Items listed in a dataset
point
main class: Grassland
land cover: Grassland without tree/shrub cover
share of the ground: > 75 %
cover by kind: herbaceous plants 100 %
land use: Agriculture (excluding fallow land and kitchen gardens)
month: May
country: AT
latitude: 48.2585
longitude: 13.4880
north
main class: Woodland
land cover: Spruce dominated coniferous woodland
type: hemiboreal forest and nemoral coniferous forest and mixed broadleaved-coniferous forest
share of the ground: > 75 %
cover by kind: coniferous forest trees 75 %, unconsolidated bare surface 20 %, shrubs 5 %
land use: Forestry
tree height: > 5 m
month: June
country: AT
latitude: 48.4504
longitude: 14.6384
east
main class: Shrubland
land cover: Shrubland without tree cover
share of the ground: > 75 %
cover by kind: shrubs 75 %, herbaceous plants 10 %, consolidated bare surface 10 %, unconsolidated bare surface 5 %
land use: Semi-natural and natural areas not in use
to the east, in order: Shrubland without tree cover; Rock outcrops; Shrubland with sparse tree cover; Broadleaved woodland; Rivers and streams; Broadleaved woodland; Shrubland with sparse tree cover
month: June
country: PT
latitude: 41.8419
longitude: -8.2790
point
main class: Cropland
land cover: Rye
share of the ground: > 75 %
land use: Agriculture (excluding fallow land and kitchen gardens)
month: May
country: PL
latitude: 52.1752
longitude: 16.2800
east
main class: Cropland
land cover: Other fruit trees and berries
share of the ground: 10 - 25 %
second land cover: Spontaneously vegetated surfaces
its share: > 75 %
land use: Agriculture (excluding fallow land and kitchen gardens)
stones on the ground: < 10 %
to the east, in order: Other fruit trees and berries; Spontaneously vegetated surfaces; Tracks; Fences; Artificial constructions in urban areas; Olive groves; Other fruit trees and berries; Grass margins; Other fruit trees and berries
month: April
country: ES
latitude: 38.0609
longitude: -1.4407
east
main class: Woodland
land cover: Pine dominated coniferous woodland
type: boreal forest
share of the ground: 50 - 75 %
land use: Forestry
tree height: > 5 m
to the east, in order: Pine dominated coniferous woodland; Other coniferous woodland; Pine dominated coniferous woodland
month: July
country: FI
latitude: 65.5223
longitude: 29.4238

EXERCISE INSTRUCTIONS - Output nothing but the lines from the one with "land cover: Pine" through the last line above, each exactly as it stands.

RESPONSE -
land cover: Pine dominated coniferous woodland
type: boreal forest
share of the ground: 50 - 75 %
land use: Forestry
tree height: > 5 m
to the east, in order: Pine dominated coniferous woodland; Other coniferous woodland; Pine dominated coniferous woodland
month: July
country: FI
latitude: 65.5223
longitude: 29.4238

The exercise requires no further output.